The cost is based specifically upon the number of locations accessing the Cloud Volumes shares; hence your subscription will only increase if the total number of locations/edge instances increases. This is independent of the cloud infrastructure, number of users, amount of storage, etc. This allows for flexibility in a changing organization as business needs evolve.
A GFC deployment includes a License Management Server (LMS) which registers your site-based subscription with the GFC subscription service. This LMS instance keeps track of the licensed edges in your enterprise and regularly updates your subscription details with the GFC subscription service, i.e. contract end date or amount of sites licensed for.
GFC licensing is an annual subscription, which by most accounting standards would be recognized as OPEX. We do offer multi-year subscriptions, as well, which are normally treated the same way.

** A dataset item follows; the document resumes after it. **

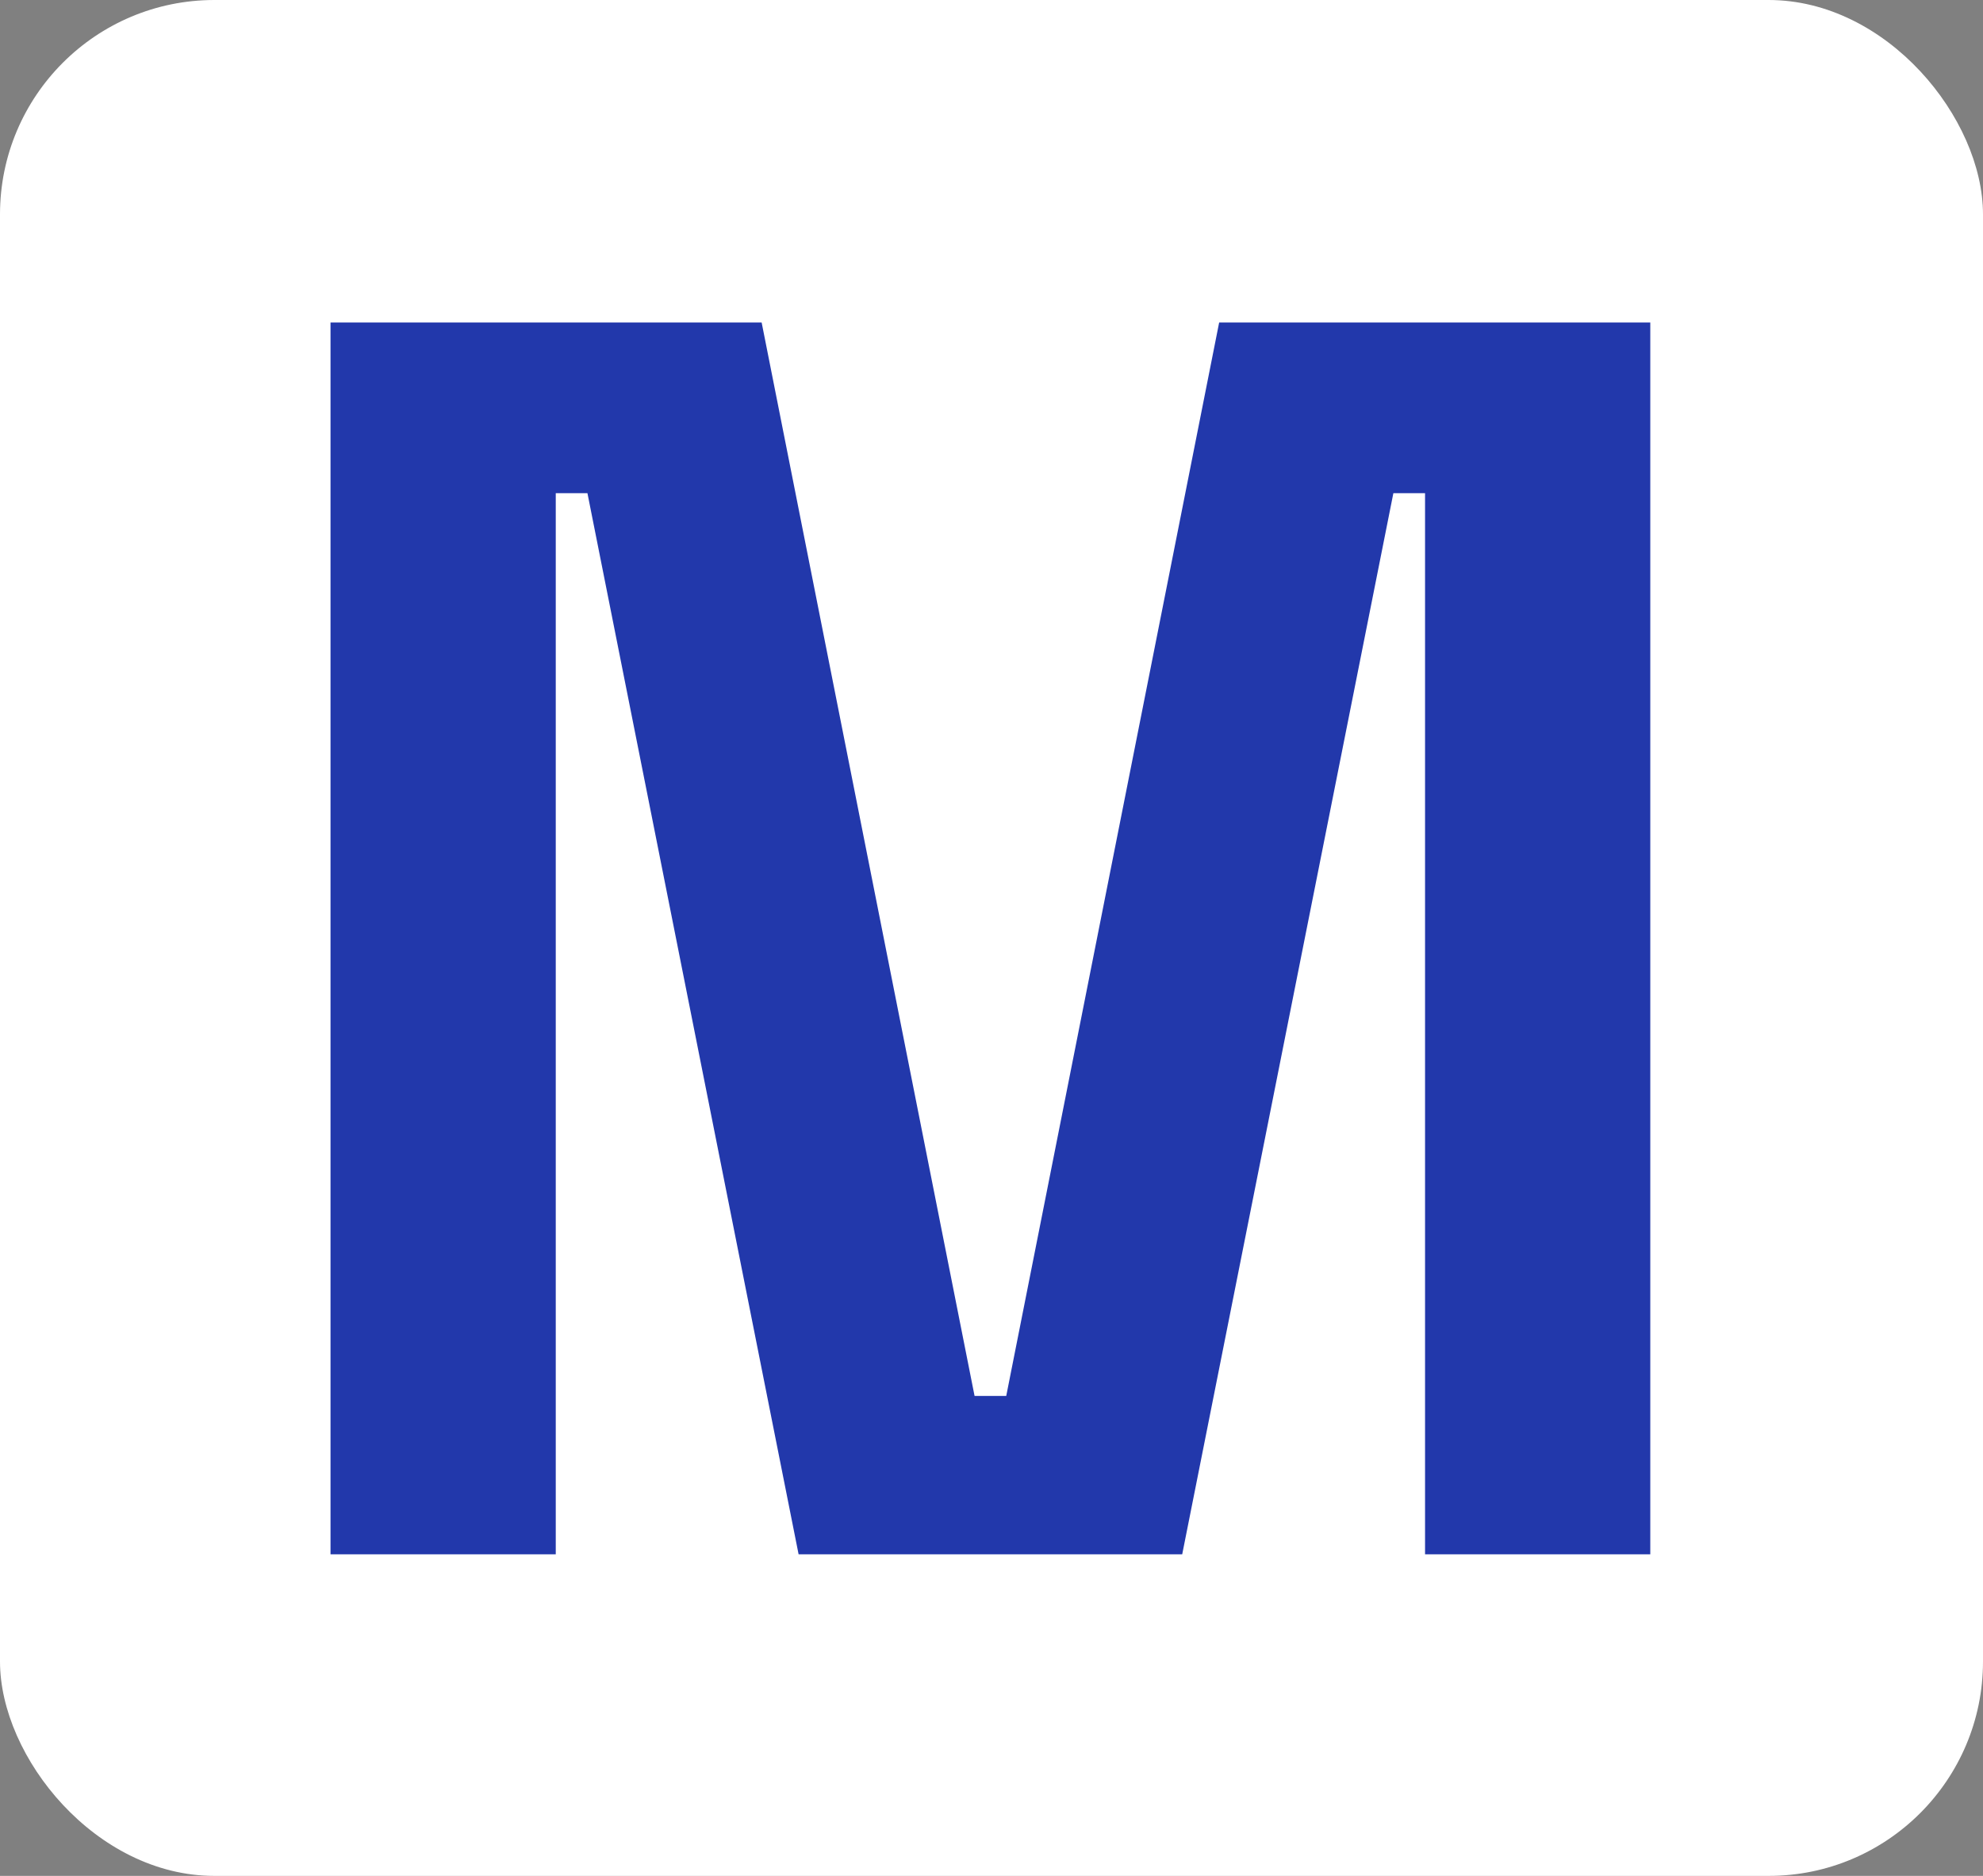 <svg width="444" height="420" viewBox="0 0 444 420" fill="none" xmlns="http://www.w3.org/2000/svg">
<rect x="0" y="0" width="444" height="420" fill="#808080" stroke="none"/>
<rect width="444" height="420" rx="48" fill="white"/>
<path d="M74.004 348V72.2H170.534L218.208 312.54H225.3L272.974 72.2H369.504V348H319.072V110.418H311.98L264.7 348H178.808L131.528 110.418H124.436V348H74.004Z" fill="#0B23A2" fill-opacity="0.9"/>
</svg>

GFC, is unique in that it's not a 'replication/synchronization' (R/S) architecture, but instead is based upon truly a single authoritative instance of data. Consider having a building with your users spread over 25 floors: would you have a file server on each floor, and try to replicate/synchronize the data across these? Or, would you have everyone (regardless of the floor they are on) use a single, secure file server in the basement? This is the GFC approach. Further, GFC is all-software, without the requirement for dedicated hardware at each location. GFC uniquely scales across limitless distributed office locations and user counts, and supports all major hyperscalers simultaneously.

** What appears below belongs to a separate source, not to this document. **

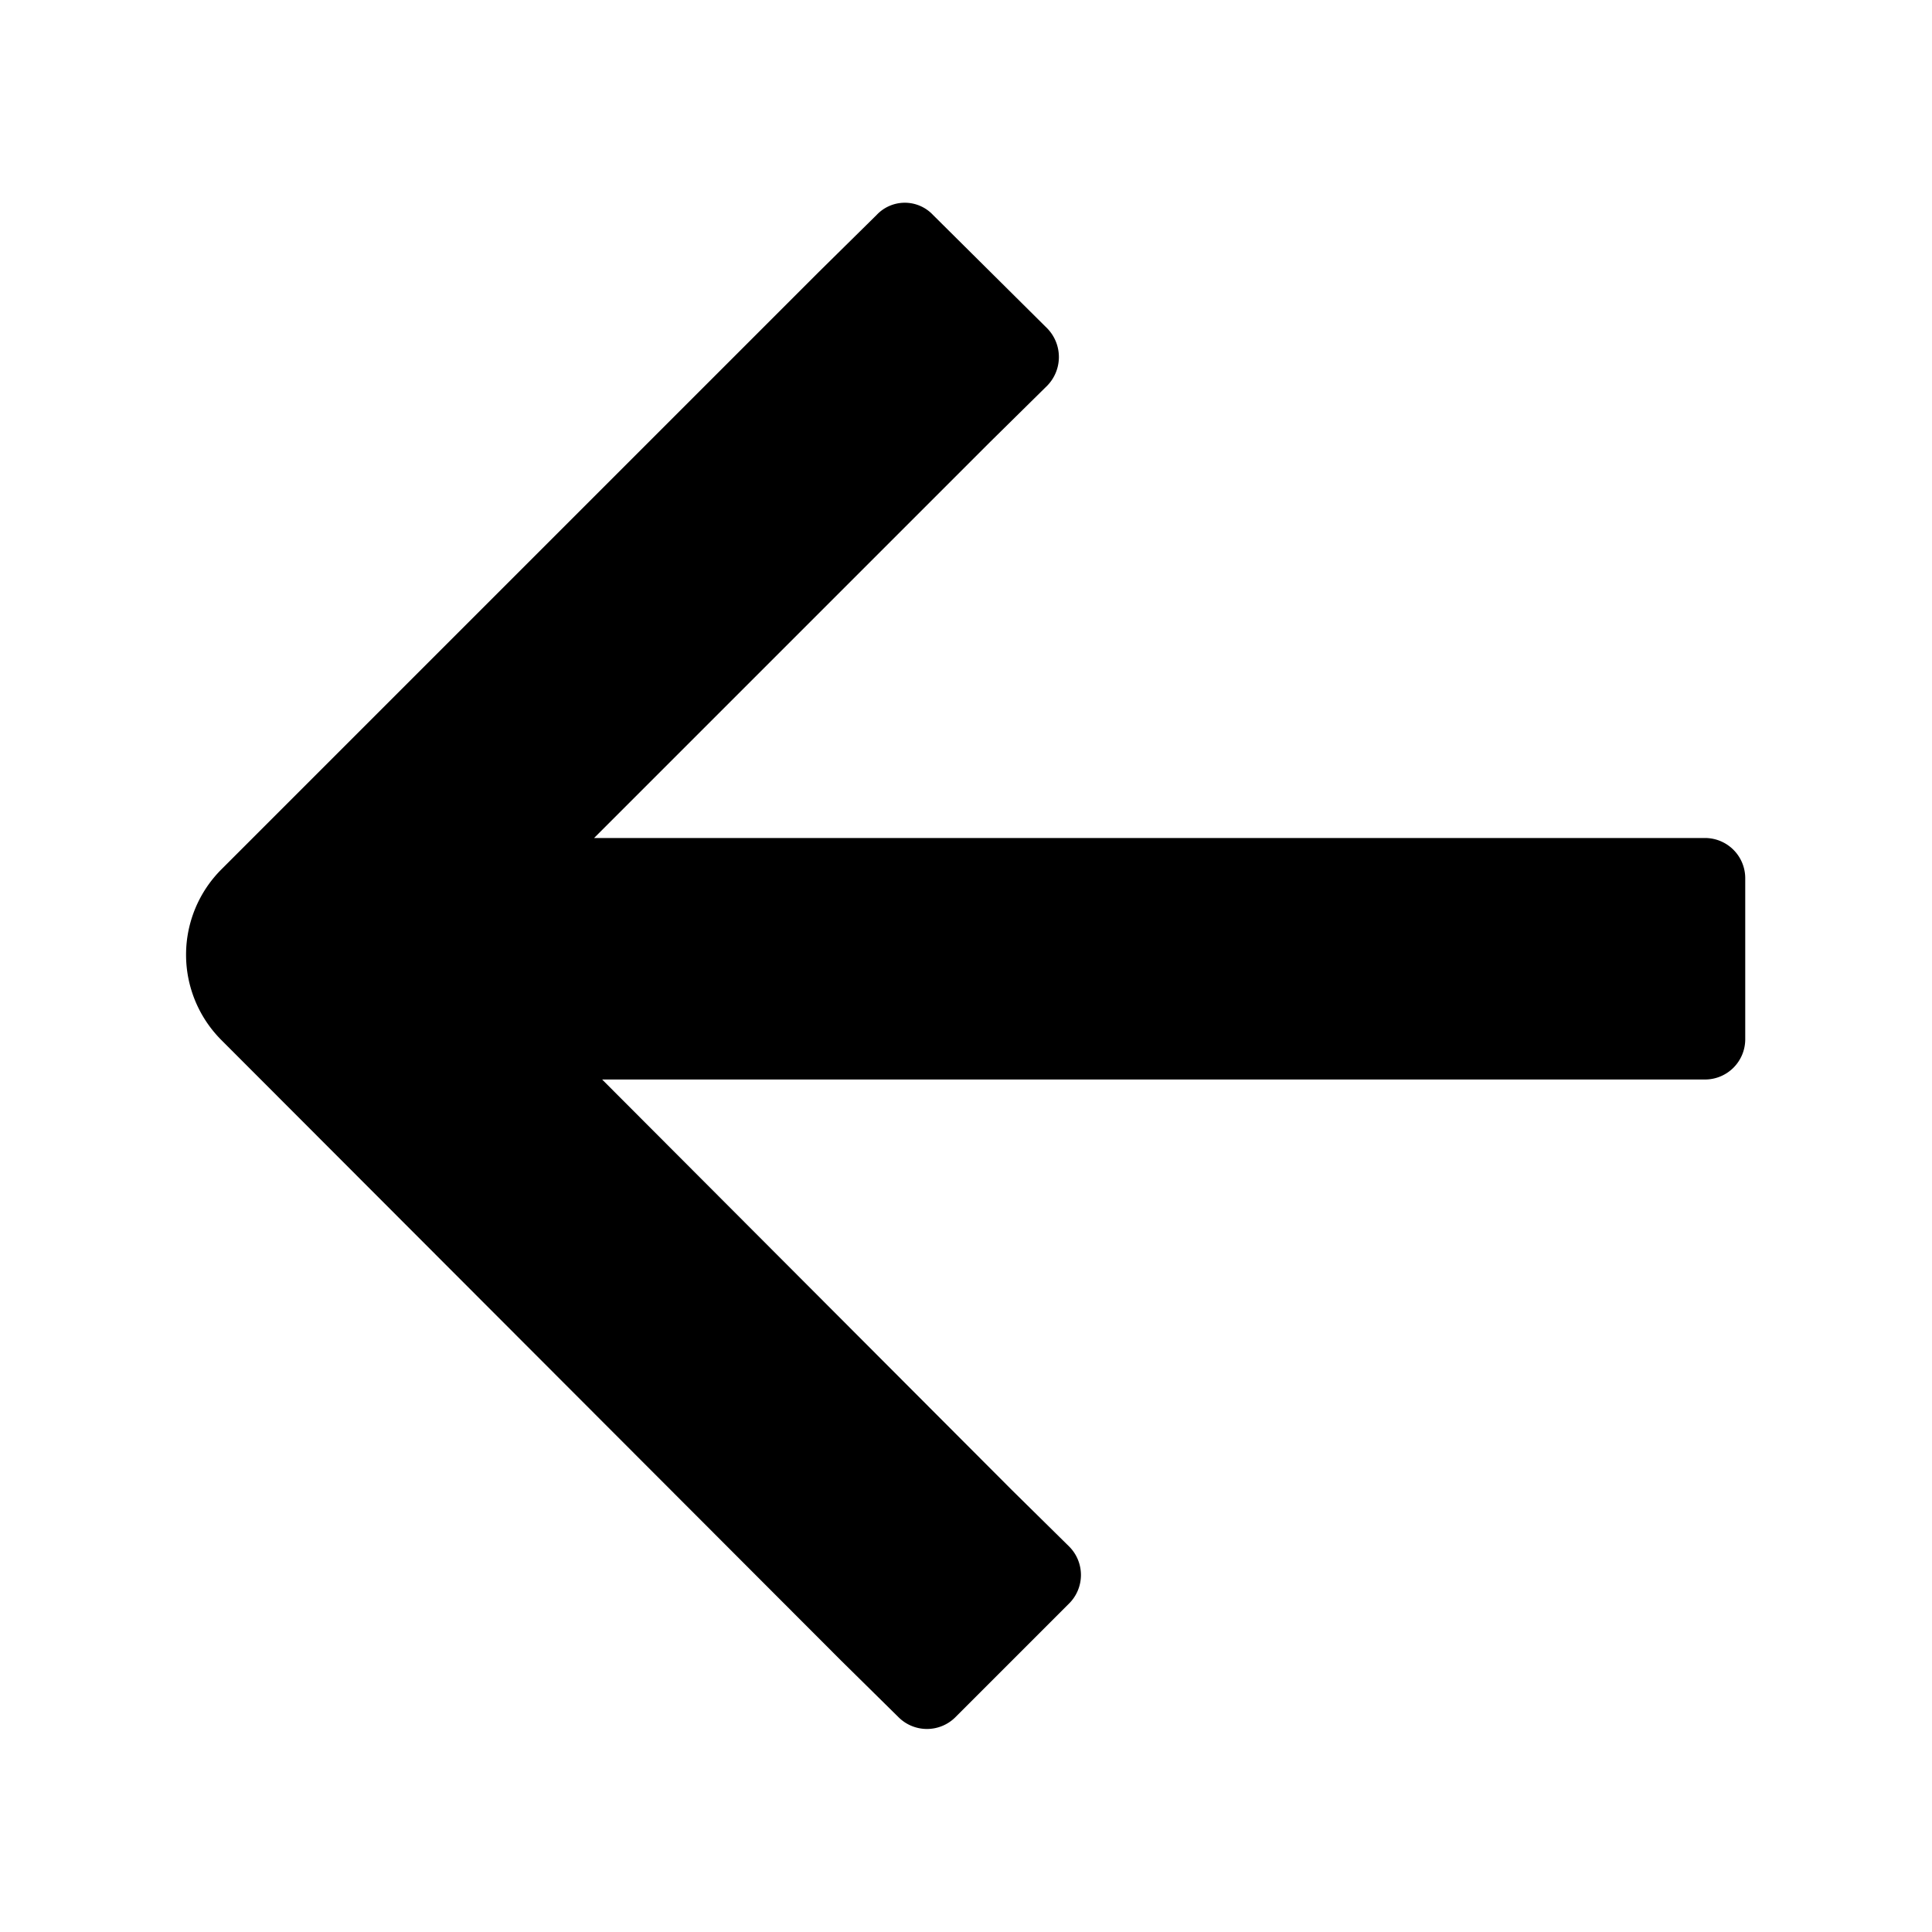 <svg id="Layer_1" data-name="Layer 1" xmlns="http://www.w3.org/2000/svg" viewBox="0 0 24 24"><title>arrow-left</title><path d="M21.18,10.41H7.38L12.3,5.49h0l.71-.7a.51.51,0,0,0,0-.71L11.59,2.67a.48.48,0,0,0-.7,0l-.71.7h0L2.75,10.8a1.5,1.5,0,0,0,0,2.12l7.7,7.71h0l.71.7a.5.5,0,0,0,.71,0l1.41-1.41a.5.5,0,0,0,0-.71l-.71-.7h0l-5.09-5.1H21.18a.5.5,0,0,0,.5-.5v-2A.5.5,0,0,0,21.18,10.41Z"/></svg>

Typically, more than 80% of the total data sets are considered inactive...we just never know which ones they are, hence data needs to be seamlessly available. The GFC solution allows for consolidation of data and integration into the cloud of your choice to reduce complexity, maximize data protection, reduce overall storage total cost of ownership (TCO) by 60-80%, and provision resources more rapidly.
With your data centralized into an authoritative single set in your cloud of choice, GFC allows you to collapse extensive and expensive storage, along with backups, to see immediate savings. Not only are you able to eliminate backups, but also BCDR planning/testing, audit/compliance work, etc. to reduce the overall server and storage footprint across all of your distributed locations.
No, GFC does not control or manage your data; that's the domain of your data storage/management platform, Cloud Volumes, based upon the industry-leading ONTAP operating system. ONTAP gives you complete control of where it resides, on which resources, and how it's backed up, archived, and secured to meet your organizations specific needs for RTO/RPOs, SLAs, BCDR strategies, etc.
Not quite. Remember, GFC is unique in its single instance of authoritative data architecture. With GFC's global file locking mechanism, there is no need for distributed locks to be kept in sync via metadata synching. This allows GFC to maintain strict data consistency and integrity regardless of which user is accessing what information. When any application/user accesses the central authoritative copy of the file directly or through a GFC edge, a file lock is placed immediately on the central authoritative file. Any other app/user requesting access to edit the file will receive notification that the file is locked and in use, just as if they were in the same location using the same file server. Since GFC doesn’t replicate locking information across all sites, it doesn't rely on maintaining lock synchronization databases, which introduces the opportunity for data inconsistency and loss.